What they are going to have to do to survive will drastically decrease the life span for these girls. This is a fresh meat business so If they don’t take care of themselves they’ll be gone so quick that no one will remember their name! I always wonder what impact if any I had while I was performing? If my tenor in this business is to be forgotten than the words I leave behind will dame sure not be! I want there to be a shit storm -a- brewing wondering who’s about to be dragged behind the truck! I’ll be back in mid December to take some well deserved rest and enjoy the holidays.

In a not so festive moment I will give you some candid thoughts about my life past, present, and future. I’m going to address this business. The people I’ve worked for and with. I’m going to give you the events that led up to my retirement. I’m going to let you know about the nasty little rumors about where I grew up and who makes up my inner circle! I’m going to follow up on some of my political rants and will open a wound with a P.A turned website spinner. I will expose him for who he really is.

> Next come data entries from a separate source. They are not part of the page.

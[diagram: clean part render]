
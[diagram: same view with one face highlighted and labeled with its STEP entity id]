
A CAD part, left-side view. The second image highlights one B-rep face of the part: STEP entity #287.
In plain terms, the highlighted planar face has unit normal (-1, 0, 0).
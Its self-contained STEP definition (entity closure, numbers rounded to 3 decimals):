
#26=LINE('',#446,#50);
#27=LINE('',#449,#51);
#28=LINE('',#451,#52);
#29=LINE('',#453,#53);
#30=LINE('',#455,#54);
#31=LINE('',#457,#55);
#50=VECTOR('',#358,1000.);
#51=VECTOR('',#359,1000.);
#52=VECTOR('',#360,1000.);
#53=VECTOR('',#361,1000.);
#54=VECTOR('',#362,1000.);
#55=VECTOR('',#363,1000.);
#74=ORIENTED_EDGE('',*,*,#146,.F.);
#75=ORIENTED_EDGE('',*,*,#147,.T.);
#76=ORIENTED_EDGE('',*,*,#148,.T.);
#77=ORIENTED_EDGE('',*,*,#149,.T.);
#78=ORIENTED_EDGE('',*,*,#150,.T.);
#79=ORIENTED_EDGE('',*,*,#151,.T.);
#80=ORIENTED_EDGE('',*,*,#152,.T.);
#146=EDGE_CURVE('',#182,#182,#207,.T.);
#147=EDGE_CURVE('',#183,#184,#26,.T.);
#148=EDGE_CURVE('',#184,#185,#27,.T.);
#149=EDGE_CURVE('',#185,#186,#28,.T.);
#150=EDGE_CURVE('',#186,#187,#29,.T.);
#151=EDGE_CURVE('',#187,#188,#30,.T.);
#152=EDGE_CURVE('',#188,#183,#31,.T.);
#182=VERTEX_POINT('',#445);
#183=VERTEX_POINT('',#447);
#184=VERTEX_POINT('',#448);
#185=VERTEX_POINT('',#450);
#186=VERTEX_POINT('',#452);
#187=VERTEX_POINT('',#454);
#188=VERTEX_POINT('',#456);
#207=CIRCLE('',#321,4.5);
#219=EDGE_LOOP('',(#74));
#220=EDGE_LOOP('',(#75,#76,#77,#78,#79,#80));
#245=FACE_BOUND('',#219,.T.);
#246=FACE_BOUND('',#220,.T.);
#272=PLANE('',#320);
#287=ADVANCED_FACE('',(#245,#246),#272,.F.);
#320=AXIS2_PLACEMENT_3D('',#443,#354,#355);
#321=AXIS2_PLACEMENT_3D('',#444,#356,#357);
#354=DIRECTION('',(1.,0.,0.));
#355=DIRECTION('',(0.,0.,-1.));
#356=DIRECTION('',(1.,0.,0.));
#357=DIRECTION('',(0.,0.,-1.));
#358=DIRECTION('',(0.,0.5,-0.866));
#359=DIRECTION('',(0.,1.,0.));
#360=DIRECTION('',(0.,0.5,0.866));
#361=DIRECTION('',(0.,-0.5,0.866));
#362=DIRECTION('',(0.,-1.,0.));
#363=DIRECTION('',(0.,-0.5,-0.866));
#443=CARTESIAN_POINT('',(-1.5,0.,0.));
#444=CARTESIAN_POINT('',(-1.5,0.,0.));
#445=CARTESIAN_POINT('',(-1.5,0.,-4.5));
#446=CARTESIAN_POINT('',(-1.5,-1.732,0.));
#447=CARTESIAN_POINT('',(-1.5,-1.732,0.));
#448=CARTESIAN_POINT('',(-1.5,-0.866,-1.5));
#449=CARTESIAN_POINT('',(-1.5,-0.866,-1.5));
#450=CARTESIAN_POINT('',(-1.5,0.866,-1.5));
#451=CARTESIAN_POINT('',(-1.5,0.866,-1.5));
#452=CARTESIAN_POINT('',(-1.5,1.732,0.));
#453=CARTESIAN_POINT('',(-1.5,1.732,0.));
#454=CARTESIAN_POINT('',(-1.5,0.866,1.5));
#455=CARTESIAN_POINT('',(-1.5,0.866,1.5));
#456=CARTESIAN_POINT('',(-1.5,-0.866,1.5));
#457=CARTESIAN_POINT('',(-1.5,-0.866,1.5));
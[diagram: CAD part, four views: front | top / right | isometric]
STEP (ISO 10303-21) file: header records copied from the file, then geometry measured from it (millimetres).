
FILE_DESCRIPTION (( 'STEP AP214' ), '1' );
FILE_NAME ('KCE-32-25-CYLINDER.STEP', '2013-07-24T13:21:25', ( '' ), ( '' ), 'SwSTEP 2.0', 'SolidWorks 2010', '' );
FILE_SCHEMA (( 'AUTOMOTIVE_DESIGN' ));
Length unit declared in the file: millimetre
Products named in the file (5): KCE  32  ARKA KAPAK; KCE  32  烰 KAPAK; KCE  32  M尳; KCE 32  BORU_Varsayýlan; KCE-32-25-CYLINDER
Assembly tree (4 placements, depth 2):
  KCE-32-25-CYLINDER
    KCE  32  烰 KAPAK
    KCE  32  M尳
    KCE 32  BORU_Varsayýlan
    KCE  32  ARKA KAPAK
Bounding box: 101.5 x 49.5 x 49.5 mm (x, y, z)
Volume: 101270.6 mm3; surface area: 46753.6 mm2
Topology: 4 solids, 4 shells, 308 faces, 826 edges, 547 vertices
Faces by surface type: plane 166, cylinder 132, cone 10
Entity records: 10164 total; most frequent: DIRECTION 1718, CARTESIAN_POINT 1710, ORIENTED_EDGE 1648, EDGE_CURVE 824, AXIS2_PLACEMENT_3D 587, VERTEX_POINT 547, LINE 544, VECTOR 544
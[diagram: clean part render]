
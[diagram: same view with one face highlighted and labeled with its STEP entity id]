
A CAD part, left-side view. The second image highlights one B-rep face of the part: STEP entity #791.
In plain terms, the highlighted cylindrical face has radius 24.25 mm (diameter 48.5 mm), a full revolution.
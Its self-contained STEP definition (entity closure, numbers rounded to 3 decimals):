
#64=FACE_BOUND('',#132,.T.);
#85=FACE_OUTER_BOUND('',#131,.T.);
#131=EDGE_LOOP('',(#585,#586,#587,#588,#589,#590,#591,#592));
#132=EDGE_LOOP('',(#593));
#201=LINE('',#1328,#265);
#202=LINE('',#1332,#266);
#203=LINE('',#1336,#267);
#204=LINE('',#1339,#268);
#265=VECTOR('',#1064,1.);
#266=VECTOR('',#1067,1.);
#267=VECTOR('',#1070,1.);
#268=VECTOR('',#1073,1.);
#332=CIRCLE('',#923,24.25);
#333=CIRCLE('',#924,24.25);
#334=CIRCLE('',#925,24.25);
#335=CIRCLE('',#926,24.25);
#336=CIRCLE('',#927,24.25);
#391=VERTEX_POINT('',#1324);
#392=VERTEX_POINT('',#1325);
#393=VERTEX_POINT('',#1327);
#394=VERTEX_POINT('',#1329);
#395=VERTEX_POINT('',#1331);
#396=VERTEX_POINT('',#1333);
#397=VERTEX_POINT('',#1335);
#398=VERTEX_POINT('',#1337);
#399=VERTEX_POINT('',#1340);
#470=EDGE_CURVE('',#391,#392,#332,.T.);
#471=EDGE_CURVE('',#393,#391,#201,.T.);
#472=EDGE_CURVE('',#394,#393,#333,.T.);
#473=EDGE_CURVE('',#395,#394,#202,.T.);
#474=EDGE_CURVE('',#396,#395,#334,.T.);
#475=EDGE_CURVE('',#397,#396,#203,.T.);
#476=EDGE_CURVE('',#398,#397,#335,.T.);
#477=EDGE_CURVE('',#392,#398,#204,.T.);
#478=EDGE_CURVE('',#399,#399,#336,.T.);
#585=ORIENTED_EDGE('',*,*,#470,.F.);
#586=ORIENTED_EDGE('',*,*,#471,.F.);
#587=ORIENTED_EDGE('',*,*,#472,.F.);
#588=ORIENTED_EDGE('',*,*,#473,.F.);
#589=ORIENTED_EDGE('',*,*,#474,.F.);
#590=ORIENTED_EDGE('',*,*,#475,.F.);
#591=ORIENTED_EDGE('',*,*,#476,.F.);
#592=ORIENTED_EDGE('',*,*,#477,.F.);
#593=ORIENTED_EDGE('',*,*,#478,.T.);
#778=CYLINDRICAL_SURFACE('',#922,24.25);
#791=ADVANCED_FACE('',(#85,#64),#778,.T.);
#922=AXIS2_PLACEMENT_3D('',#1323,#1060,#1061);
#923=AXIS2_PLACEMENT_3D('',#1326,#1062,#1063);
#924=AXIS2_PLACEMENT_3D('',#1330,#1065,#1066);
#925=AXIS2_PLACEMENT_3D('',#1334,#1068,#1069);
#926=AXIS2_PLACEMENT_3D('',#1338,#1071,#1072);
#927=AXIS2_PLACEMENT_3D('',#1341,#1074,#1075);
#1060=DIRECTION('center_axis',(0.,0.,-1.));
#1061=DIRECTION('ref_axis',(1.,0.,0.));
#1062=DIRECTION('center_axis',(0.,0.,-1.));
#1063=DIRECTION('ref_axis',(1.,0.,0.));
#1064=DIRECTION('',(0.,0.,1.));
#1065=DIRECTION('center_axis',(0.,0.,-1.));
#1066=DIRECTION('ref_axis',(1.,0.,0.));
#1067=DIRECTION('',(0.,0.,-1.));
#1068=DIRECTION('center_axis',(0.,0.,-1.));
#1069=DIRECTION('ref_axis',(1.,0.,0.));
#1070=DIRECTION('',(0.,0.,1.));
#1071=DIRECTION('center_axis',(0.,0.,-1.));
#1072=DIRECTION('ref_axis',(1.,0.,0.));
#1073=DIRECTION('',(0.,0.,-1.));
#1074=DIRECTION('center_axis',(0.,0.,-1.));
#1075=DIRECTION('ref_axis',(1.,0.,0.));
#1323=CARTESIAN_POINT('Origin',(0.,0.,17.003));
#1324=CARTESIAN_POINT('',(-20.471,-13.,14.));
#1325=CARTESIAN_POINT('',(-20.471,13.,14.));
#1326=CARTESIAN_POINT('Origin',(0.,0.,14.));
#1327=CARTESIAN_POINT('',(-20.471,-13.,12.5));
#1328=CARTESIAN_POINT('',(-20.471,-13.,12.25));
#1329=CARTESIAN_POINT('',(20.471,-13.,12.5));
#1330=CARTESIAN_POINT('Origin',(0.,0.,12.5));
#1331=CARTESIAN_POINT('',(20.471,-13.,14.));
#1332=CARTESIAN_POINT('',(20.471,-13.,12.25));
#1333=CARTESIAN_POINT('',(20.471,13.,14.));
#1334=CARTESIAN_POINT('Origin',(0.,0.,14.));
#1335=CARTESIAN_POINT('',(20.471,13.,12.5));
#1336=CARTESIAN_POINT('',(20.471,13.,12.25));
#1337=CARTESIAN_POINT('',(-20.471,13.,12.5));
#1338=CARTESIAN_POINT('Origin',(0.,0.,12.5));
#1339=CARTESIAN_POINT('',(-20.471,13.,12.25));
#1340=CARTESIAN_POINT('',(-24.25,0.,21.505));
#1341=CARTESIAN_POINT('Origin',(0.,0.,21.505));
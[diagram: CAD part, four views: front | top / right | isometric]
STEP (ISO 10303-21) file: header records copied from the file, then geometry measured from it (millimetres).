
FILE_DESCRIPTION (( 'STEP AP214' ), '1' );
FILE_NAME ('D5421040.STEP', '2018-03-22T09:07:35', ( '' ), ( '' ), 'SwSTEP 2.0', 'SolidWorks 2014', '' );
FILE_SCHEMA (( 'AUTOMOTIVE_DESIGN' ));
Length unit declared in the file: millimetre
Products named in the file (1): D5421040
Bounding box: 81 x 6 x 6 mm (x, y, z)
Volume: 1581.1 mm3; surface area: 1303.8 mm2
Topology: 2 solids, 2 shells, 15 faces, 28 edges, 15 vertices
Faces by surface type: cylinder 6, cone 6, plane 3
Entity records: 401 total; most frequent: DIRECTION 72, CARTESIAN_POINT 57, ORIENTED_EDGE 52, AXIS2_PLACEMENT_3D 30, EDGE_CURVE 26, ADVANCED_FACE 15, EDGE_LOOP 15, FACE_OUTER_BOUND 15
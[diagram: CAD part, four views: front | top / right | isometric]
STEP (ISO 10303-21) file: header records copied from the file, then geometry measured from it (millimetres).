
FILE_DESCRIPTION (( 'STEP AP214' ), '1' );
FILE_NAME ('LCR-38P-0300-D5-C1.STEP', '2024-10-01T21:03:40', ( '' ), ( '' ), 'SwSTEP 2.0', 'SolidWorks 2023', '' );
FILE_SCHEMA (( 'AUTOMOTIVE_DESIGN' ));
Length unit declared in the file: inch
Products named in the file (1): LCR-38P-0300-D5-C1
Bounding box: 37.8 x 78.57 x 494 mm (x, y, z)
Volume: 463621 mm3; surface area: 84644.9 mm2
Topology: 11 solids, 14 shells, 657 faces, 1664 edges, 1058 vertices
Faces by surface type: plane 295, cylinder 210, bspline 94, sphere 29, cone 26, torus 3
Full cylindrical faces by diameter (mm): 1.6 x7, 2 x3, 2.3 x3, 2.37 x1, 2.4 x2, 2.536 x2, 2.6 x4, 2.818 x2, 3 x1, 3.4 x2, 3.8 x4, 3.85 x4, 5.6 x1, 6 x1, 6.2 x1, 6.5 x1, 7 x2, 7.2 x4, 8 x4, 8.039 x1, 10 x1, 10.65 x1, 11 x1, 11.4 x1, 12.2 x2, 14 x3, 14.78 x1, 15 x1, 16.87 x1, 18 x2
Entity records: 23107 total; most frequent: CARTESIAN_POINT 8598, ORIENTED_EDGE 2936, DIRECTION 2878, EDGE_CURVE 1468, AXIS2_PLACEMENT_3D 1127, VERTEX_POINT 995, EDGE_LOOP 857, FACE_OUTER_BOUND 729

I will expose the motives that fuel his unwarranted-one sided attack that left me vengeful until election day! LOL I want to give you my REAL thoughts about the interracial scenes I did and the idea of race mixing in general. (You’ll want to read that one-LOL) I will give you and informed breakdown of the racial hypocrisy that floats over my race/religeon. I’ll break down the music that is my life and the weaknesses that is popular music. Lets just say that when I shop for music I don’t look on the album covers to see what looks cool.-lol- I’ll break down the before mentioned Extreme Associates meltdown and the fortunate break-up. I’ll break down the treatment of women in this business, the people who hate them, and the motives behind it. I’ll make sure to fair and balance it with the hypocrisy that is the FEMALE sex worker as well. I will name names behind the best and worst scenes that i’ve done and what really happens before that little red light comes on. Hell cometh and I’m bringing it! —–

J fucking D

P.S-Since i’m in the honest mood I want to clear up a bad pr decision. This is my way of carving TRUTH into my forearm. When I was coming back to this business and launching my site I chose to cut all ties publicly. Even though every filthy thing I ever did on camera was while I was married I chose to publicly denounce my marriage. Under others advice the thought was that guys would feel closer to me without the old ball and chain. The truth is that if i’m attracted to you we can FUCK anytime married or not. I’ve been with my husband for over 11 years now. The last couple of years have been the best of our marriage. I even practiced monogamy for a couple minutes. LOL-My husband has taken care of me every step of the way during my health issues and i’m proud to say that I feel better than ever w/ the understanding that my condition will one day kill me. For now i’m living it up! Some of my fans believing that I wasn’t married wrote me and said that they would marry me because their health insurance would cover me as their wife. You know who you are and i’ll always love that gesture. That’s the good human being that you rarely associate with porn. Thanks for all the support guys!